Harnessing the power of science fiction

If these are the dominant cultural representations of underground infrastructures in fiction, it might be worth working on an alternative fictional scenario in which life above and below merge – as is the case in liminal spaces and metropolises such as Helsinki.

For me, reading and watching science fiction is no less valuable than reading trend or scenario reports – or even doing academic research. Science fiction offers a different way to anticipate the future. In many ways, it challenges our assumptions about the present and, of course, the future. It also provides us with rich narratives and images of how the future might be different, thus acting as a source of inspiration.

The power of science fiction is that its narratives and images stay with us much longer than anything written on an information bulletin.

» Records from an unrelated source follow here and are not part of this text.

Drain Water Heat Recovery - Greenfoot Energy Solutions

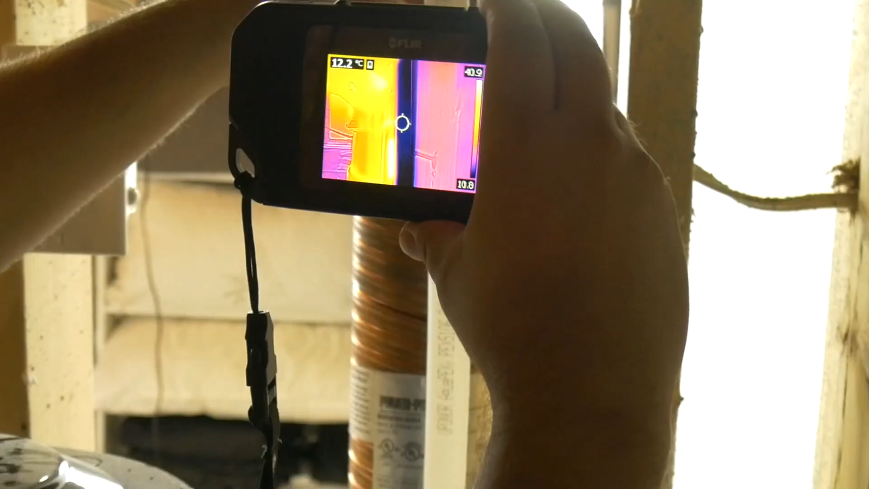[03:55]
On screen: spot 12.2°C
This is the blue pipe. Okay.
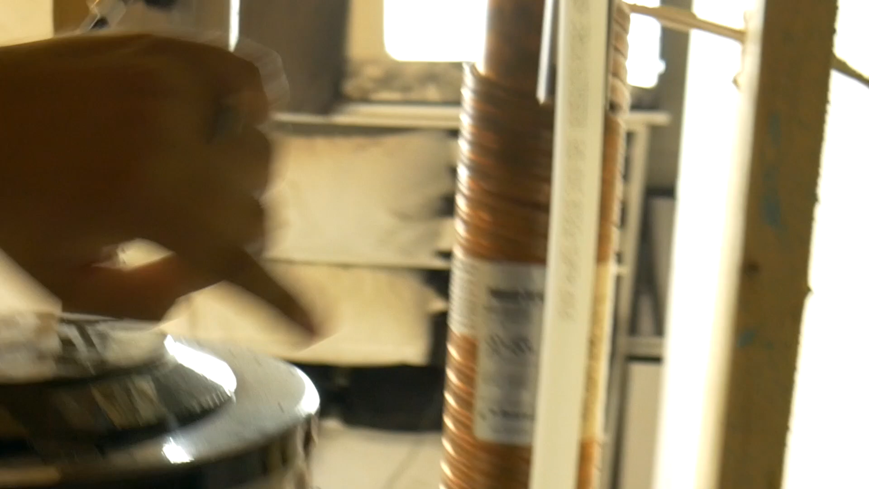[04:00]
So it goes, it goes down at the bottom. This blue pipe goes in and the water goes around the pipe.
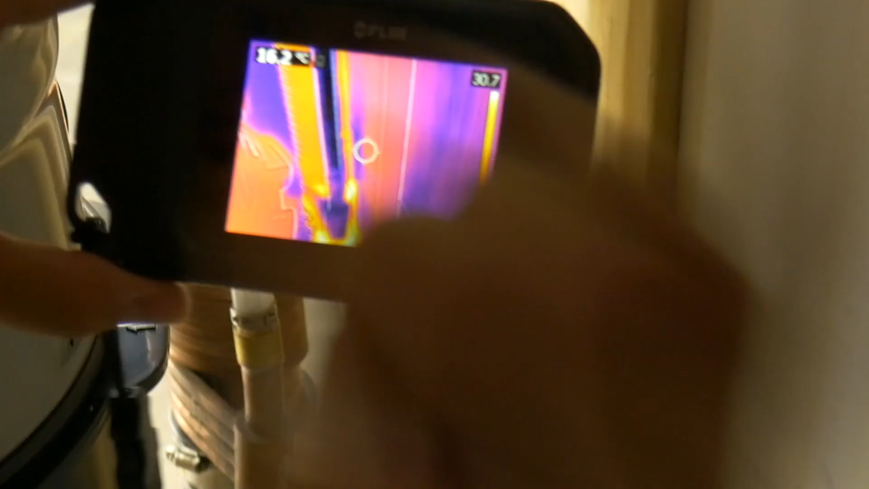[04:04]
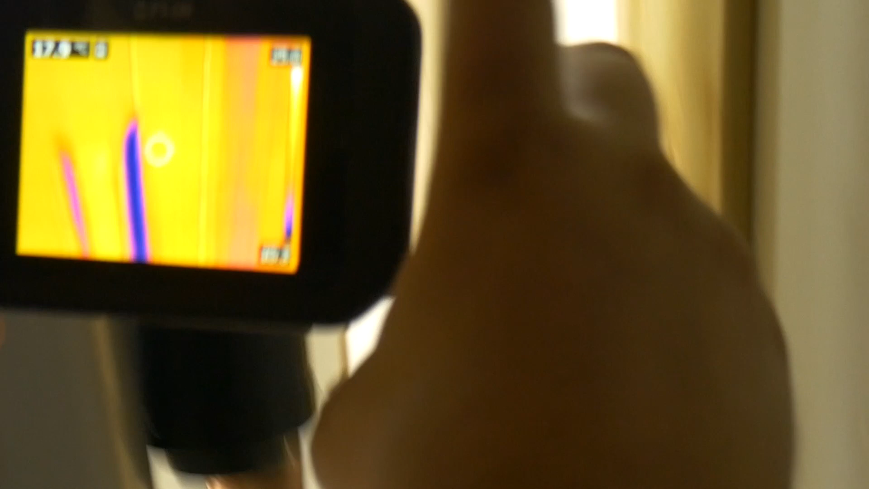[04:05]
And if you look here, which is the exit of the hot water,
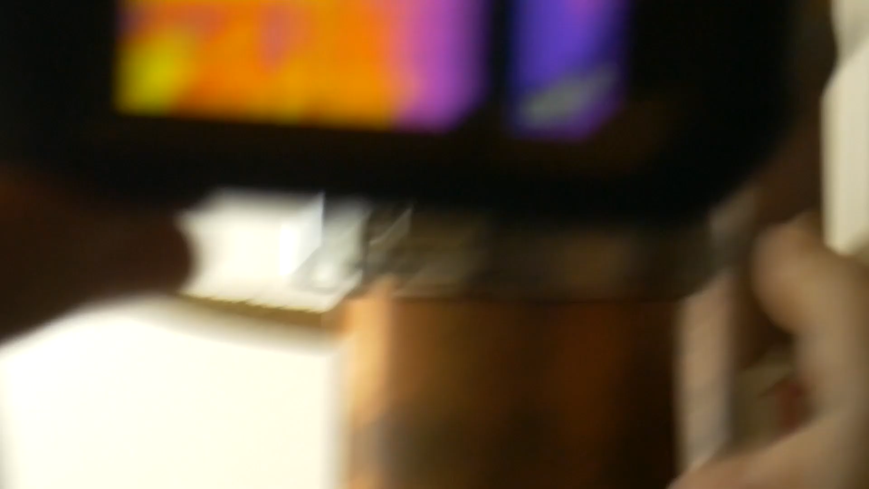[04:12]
if you look at the pipe here, it came out warm.
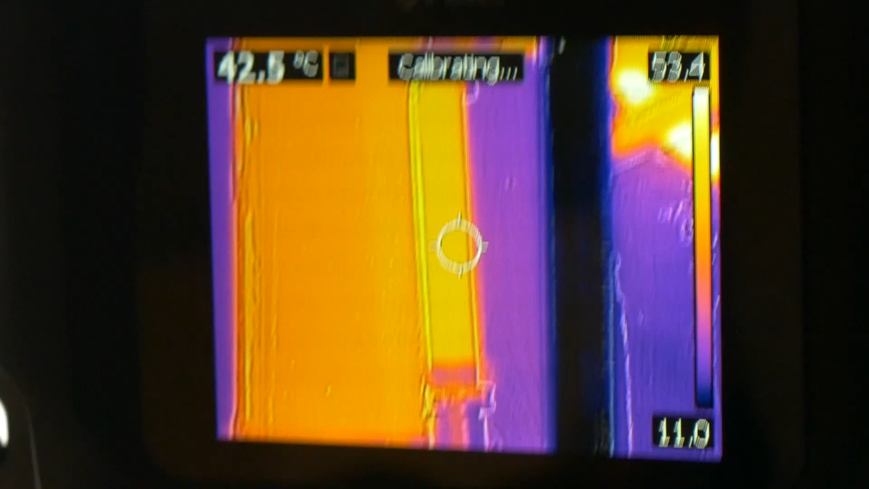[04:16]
Warmer, I should say. Yeah. So basically, it's your cold water line here, and then it gets preheated.
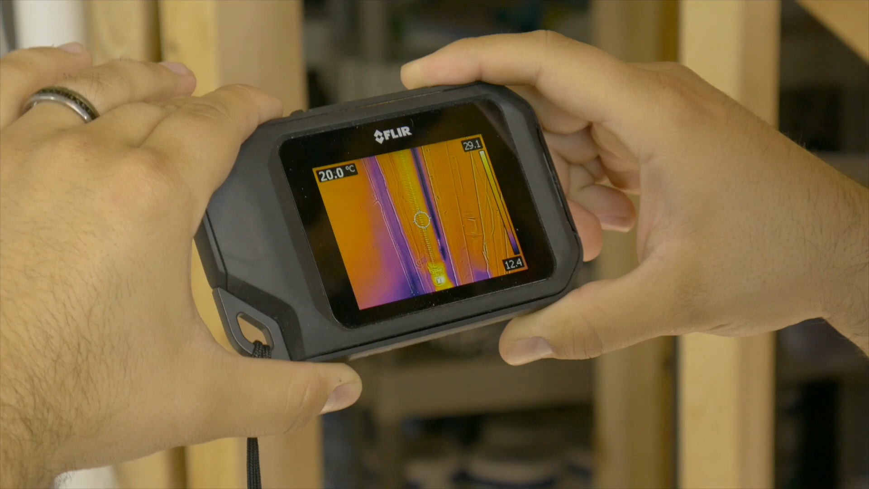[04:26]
On screen: spot 20.0°C
So water, again, water is flowing around the pipe because of the centrifugal force effect, basically.
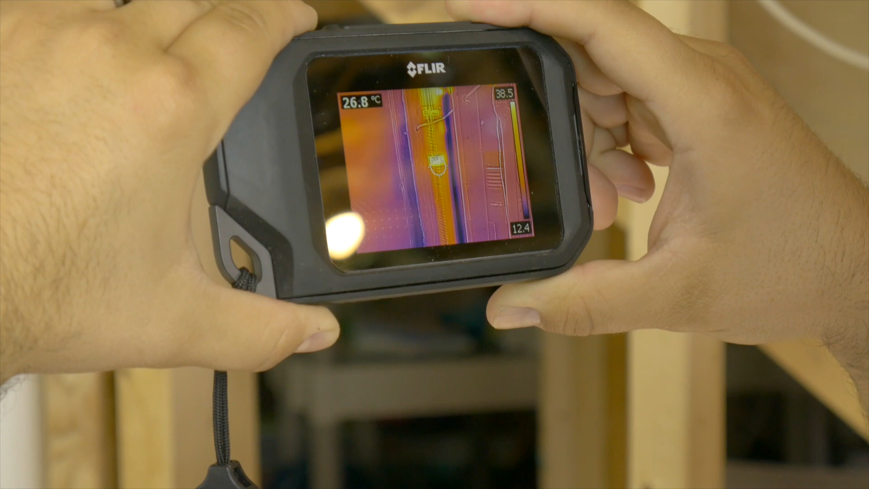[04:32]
On screen: spot 26.8°C
So yeah, we're getting some really nice, good heat recovery right now. Oh, yes.
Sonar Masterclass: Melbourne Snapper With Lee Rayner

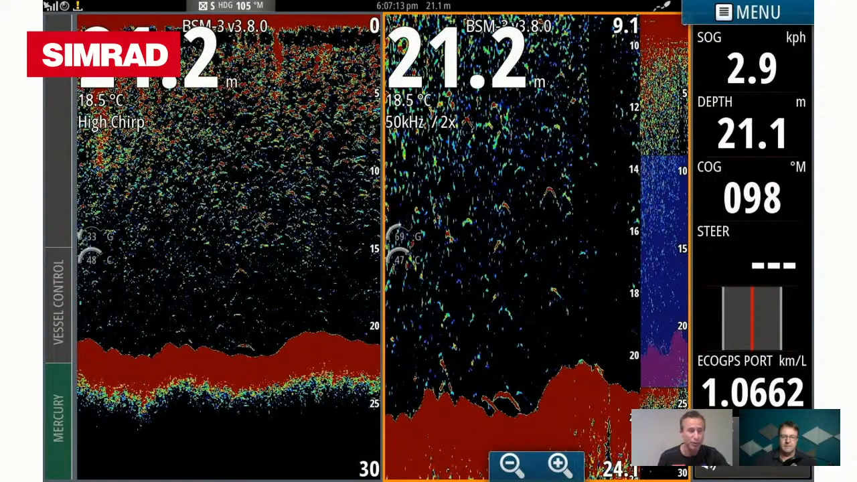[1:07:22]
On screen: water 18.5°C
like that i think you've got um there's just a lot of factors greg you've got weed you've got sediment in the water at times like it's not generally crystal clean water there's there's air bubbles there's just a lot you know just general flowing water i think that creates you know those these high chirp transducers are so good that they pick up all that stuff i think that's just part of it they're just that good yep yep so yeah it's a it's a double-edged sword isn't it it is yeah it is but but how good is
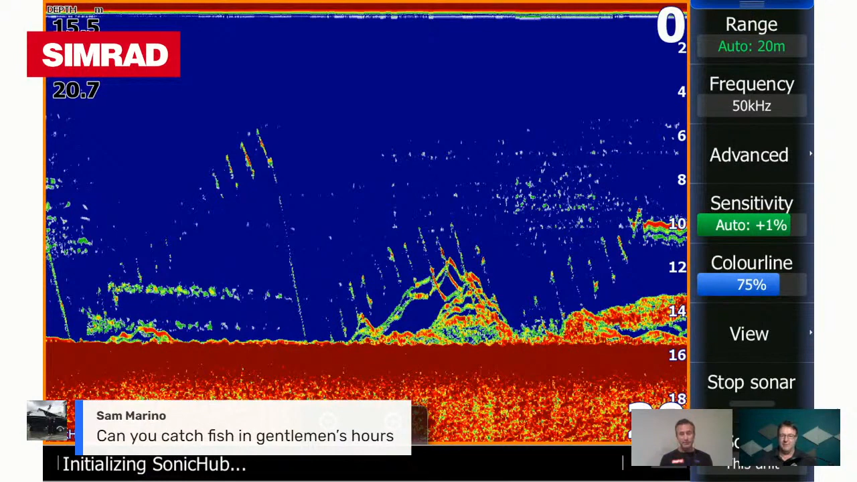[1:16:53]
we've already seen this screenshot do we want to keep moving all right keep moving so that's just a snapper and a micro g and you'll clearly see there what's
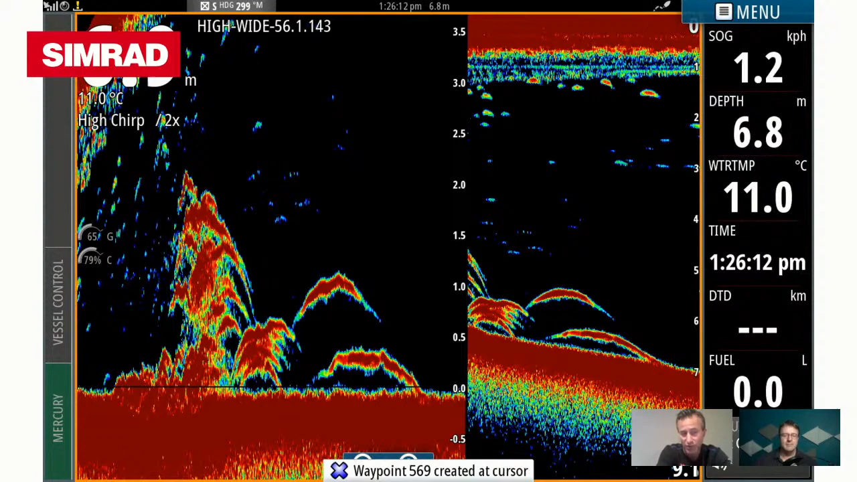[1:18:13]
On screen: depth 6.8 m, water 11.0°C, speed 1.2 km/h
sort of the right hand at left hand part of the screen there's a bit of structure on the bottom um so i'm sounding really really slow just to probably just pull the boat even out of gear as i've gone over those fish just to to get the best read i can and trying the best definition i can because that's it's cold water and the fish are not that active so this one here that one gets you excited you've got fish on the bottom you've got a column of bait that's deep red in color so even if i wasn't marking a fish there which we are that's sitting up sort of at 16 meters he's a few meters off the bottom even if
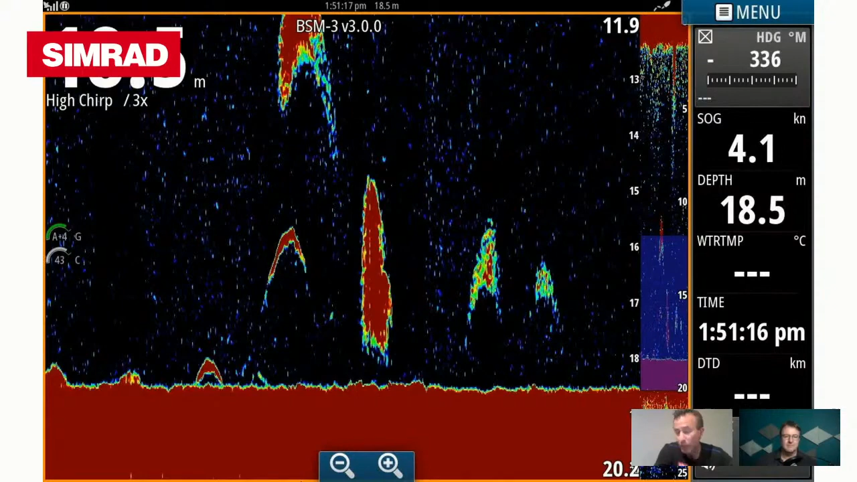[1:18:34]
On screen: depth 18.5 m, speed 4.1 kn
it wasn't marking a fish there greg i'd be pretty excited just by the the density of that patch of bait they've been red they've been they've been rounded up they've been squashed together and it's flat see how the bait's flat on on the side where the arches it's flat that means that fish is pushing that bait so the other one i think people need to realize you don't always mark the fish because he's only got to just be missed by that transducer beam but if you mark that you could go there's something going on there because of the density of
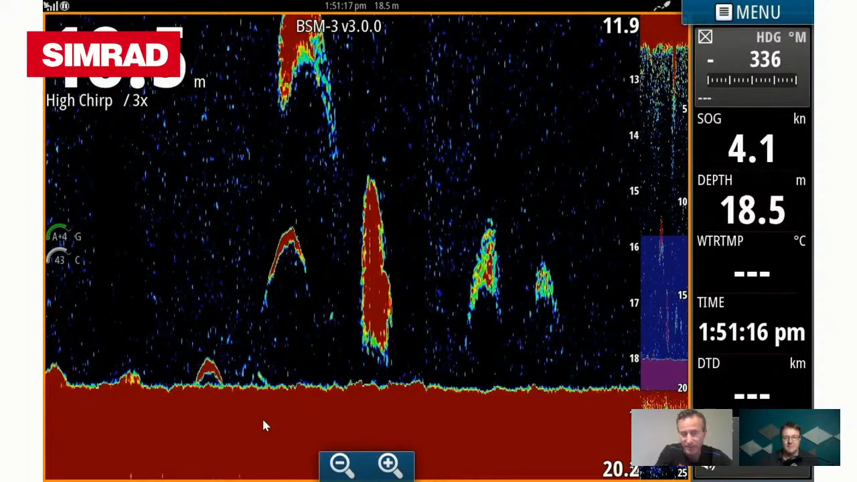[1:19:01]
On screen: depth 18.5 m, speed 4.1 kn
excellent all right now i have a feeling we might be getting towards the end of our slide deck mate yeah i think so i think so so this one here greg that i've put in is quite simply so someone asked earlier about if you just run in auto the great thing is you can run you can override your auto so i've got the auto at plus three okay so i've overridden what what the standards the factory setting would have come into at this scenario but what's interesting here is we've got one two you've got three you've got two good
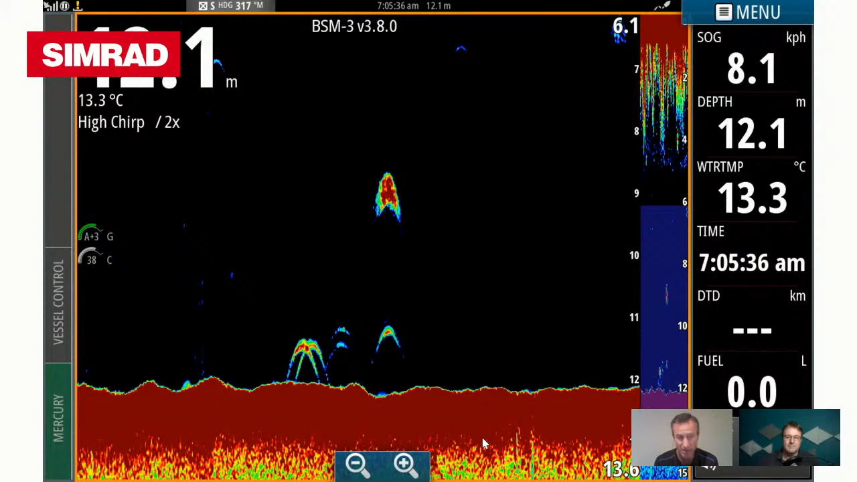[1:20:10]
On screen: depth 12.1 m, water 13.3°C
i reckon that's a fish i'll pump my gain up straight away and also go oh there's a fish there so always be prepared and always be playing around with your sound to get the best out of you in this scenario yeah yeah good stuff let me just see if we've got one more no that's it mate

Reading and watching science fiction helps us develop an essential new skill: science fiction thinking. Science fiction thinking is the ability to imagine and anticipate the future, to challenge familiar notions of an uncertain but open future in which anything is possible, and to translate those concepts into viable outcomes with which to plan our future strategically.


Prof. Dr. Jan Oliver Schwarz

is a professor of Strategic Foresight and Trend Analysis at the Technical University of Ingolstadt. Schwarz's research areas include which human needs and technological trends can be derived from depictions of the future in science fiction films and literature. In his book "Strategic Foresight" he explains the most important foresight principles and how organizations can apply them.